Your Year in Air Quality: Disasters, Diseases, & Data

An image showing possible concerns in 2025, we do this annually to help inform you of possible issues with IAQ based on trends within Indoor Air Quality.

Year-in-review articles usually reminisce over the past 12 months of pop culture and politics. But our job is to make sure that air quality news doesn’t go fade away into obscurity. After all, we all use far more air than social media (hopefully). Here are the air quality highlights (and low points) of 2024.

Disasters: Wildfires & Hurricanes

In a previous blog, we worried that dry weather across the western United States would prompt a greater number of wildfires. We were technically correct, but only barely. There were only slightly more domestic wildfires in 2024 compared to 2023.

However, while the number of wildfires stayed about the same, a far greater number of acres burned in 2024. From January 1st to December 13th, 2023, 2.6K acres were affected by wildfires in the United States. Over the same period in 2024, over 3 times as many acres (8.5K) were affected. On top of that, the Northeast experienced an uncharacteristic autumn drought, leading to brush fires and dangerous air quality. Of course, this does not take into account the catastrophic LA wildfires that began in the first week of 2025 and are still ongoing at the time of this blog’s publication.

Experts also predicted a particularly active Atlantic hurricane season this year.

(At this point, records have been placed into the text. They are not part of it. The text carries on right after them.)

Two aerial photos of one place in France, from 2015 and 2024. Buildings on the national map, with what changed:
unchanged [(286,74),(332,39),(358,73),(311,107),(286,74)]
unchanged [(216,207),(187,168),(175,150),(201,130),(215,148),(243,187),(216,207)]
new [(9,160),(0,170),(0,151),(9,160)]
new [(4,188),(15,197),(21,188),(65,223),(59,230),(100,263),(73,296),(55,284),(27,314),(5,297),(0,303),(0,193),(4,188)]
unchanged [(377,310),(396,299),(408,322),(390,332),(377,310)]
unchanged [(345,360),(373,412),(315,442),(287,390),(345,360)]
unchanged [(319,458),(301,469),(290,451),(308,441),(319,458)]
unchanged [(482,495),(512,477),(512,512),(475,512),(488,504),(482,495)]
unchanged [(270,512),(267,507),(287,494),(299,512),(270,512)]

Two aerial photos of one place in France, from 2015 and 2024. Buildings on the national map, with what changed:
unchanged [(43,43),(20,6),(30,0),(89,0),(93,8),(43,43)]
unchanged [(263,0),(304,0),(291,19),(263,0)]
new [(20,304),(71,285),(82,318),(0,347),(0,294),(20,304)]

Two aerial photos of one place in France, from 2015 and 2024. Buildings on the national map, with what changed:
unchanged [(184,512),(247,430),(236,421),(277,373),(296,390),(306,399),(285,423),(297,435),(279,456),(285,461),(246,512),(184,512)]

The season did prove to be above average with “18 named storms, 11 hurricanes, and [5] major hurricanes[...]Among them was Hurricane Beryl, which made history as the earliest Category 5 hurricane ever recorded in the Atlantic basin,” according to the UN. As a reminder, hurricanes can negatively impact air quality due to the proliferation of mold spores after flooding and water damage.

Diseases: Bird Flu

We’ve written about bird flu ad nauseam, but it’s not leaving the news any time soon. As recently as December 18th, the CDC reported the first severe illness from bird flu in the United States (which was also the first domestic case of transmission from a backyard flock). A day earlier, Dr. Chin-Hong of UC San Francisco took to the Los Angeles Times to beg society and the government to prepare for the inevitability of human-to-human transmission.

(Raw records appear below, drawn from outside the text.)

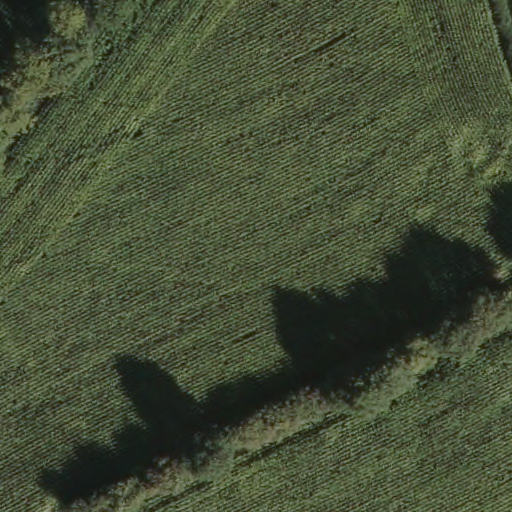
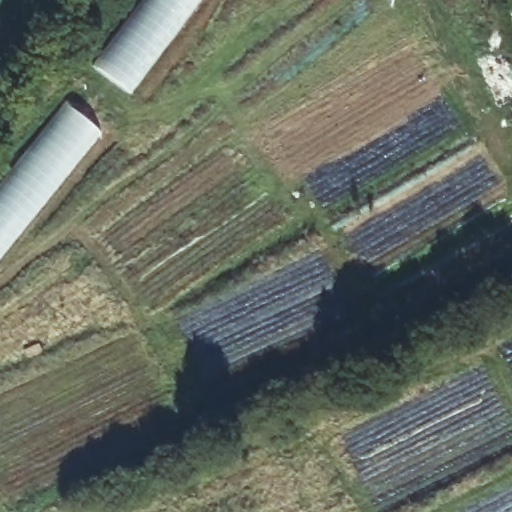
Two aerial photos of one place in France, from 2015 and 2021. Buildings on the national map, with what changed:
new [(141,0),(199,0),(130,93),(92,65),(141,0)]
new [(100,131),(0,260),(0,183),(63,102),(100,131)]

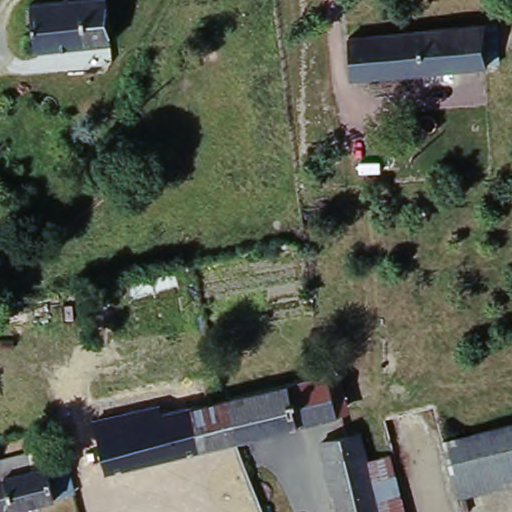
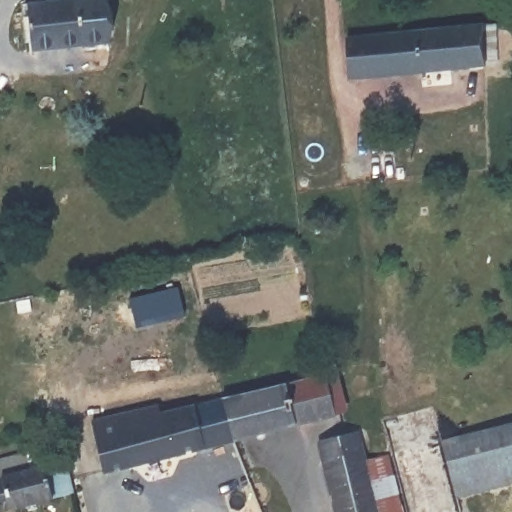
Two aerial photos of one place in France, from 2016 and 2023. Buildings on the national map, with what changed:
unchanged [(105,1),(109,49),(32,54),(29,10),(105,1)]
unchanged [(494,23),(497,61),(483,62),(484,67),(344,78),(340,38),(494,23)]
new [(185,317),(139,327),(132,299),(179,287),(185,317)]
unchanged [(200,453),(111,480),(90,424),(330,376),(342,413),(200,453)]
unchanged [(512,426),(512,482),(453,496),(440,445),(512,426)]
unchanged [(366,483),(390,478),(399,512),(330,512),(313,448),(355,438),(366,483)]
unchanged [(21,468),(34,464),(52,459),(60,492),(44,496),(0,506),(0,459),(18,454),(21,468)]

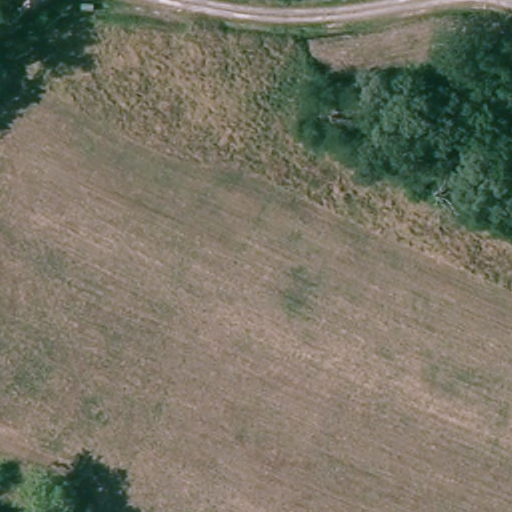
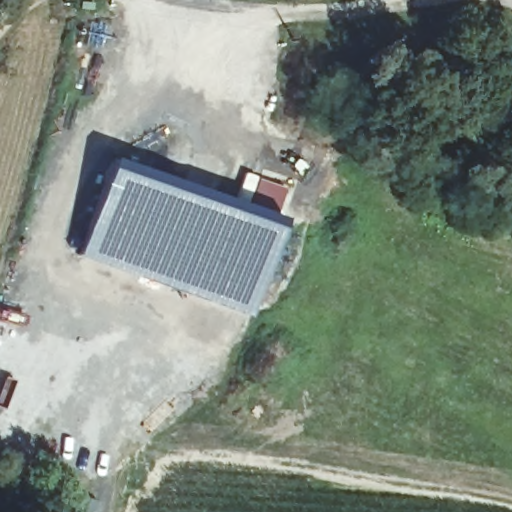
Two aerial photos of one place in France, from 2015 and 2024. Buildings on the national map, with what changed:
demolished [(134,172),(122,190),(99,174),(111,156),(134,172)]
new [(107,169),(112,159),(286,219),(280,231),(250,318),(77,256),(107,169)]

Meanwhile, the French paper Le Monde declared that “America's handling of the bird flu crisis is putting, and will continue to put, the entire world at risk.” This echoes the comments of ActivePure’s own Dr. Birx back in June. As she told CNN:

“This is why I’m really concerned because we’re making the same mistakes today that we made with COVID. And what do I mean by that? We’re not testing to really see how many people have been exposed and got asymptomatically infected.”

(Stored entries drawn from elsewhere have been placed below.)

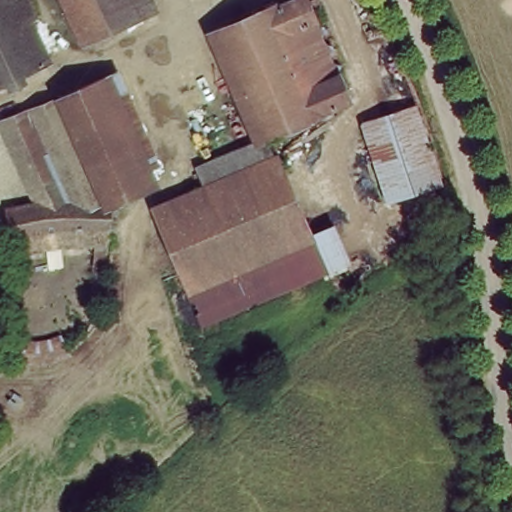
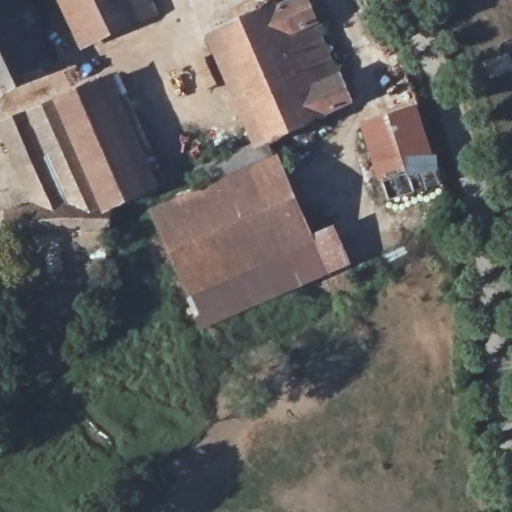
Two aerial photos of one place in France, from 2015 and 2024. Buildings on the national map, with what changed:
unchanged [(32,0),(40,16),(29,23),(50,63),(0,90),(0,0),(32,0)]
unchanged [(88,52),(58,0),(145,0),(154,17),(88,52)]
unchanged [(226,209),(216,190),(263,162),(207,60),(293,17),(308,17),(301,31),(304,37),(313,39),(309,46),(313,53),(323,54),(318,62),(322,70),(334,71),(328,81),(332,87),(343,87),(337,97),(341,105),(351,104),(271,149),(286,177),(226,209)]
unchanged [(92,83),(151,195),(122,211),(104,247),(17,262),(7,216),(37,210),(86,201),(37,111),(92,83)]
unchanged [(387,206),(359,127),(418,107),(443,189),(387,206)]
unchanged [(86,201),(37,210),(0,138),(0,130),(37,111),(86,201)]
unchanged [(208,287),(180,234),(226,209),(286,177),(316,232),(208,287)]
unchanged [(331,261),(225,319),(208,287),(316,232),(331,261)]
unchanged [(32,348),(60,341),(70,365),(46,371),(27,371),(8,367),(0,364),(0,332),(32,348)]

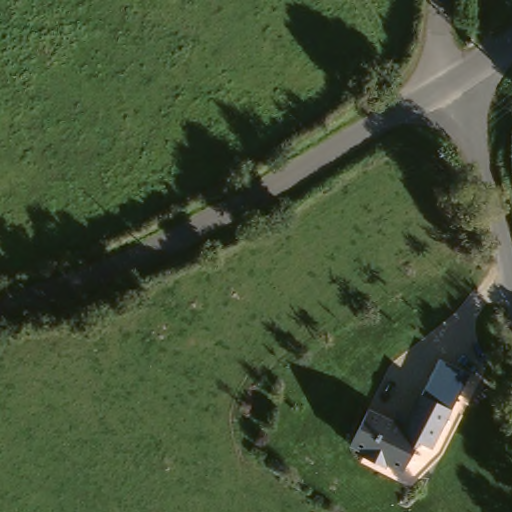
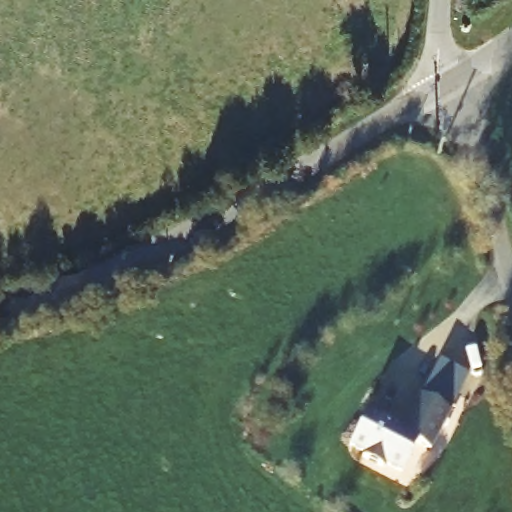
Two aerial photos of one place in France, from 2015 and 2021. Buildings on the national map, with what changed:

In short, another global pandemic appears to be right around the corner. We can hope that bird flu doesn’t dominate headlines in 2025 — there’s still a chance it might not — but governments, hospitals, businesses, and schools should begin planning as if it will.

Data: ActivePure’s Peer-Reviewed Studies

With the threat of Bird Flu, one could almost wish there was some affordable technical solution that could change the indoor transmission game.

That’s our cue.

ActivePure’s Advanced Photohydrolysis Technology proved itself in not 1 but 2 separate peer reviewed studies this year. Both these studies emphasize why we should be in your homes, schools, businesses, and healthcare facilities in 2025.

One study, focusing on safety, assessed the impact of therapeutic levels of Advanced Photohydrolysis on mice, commonly used as surrogates in medical studies focused on how things impact the human body. They found no difference in the health, behavior, bloodwork, or tissue of mice exposed to Advanced Photohydrolysis versus the control group.

Conducted across 2 ICUs in Kentucky and Louisiana, the other study sampled environmental surfaces, floors, and air for methicillin-resistant Staphylococcus aureus (MRSA), fungi, and aerobic bacteria every 4 weeks over 4 months. The researchers found that mean fungal CFUs and MRSA CFUs were reduced by 98%-99% on environmental surfaces at both sites. More importantly, healthcare-associated infections fell 70% at one site and 71% at the other.

Both studies used data collected by independent laboratories. You can read more about the results on our website.

Details: Other Miscellaneous Headlines

In case you missed it, there were a few other air quality updates this year:

2025 Resolutions

We don’t know the future, but we can be fairly certain of 2 things:

  1. More diseases and disasters are going to affect the air in 2025.
  2. The actions we take today determine how badly #1 will impact us tomorrow.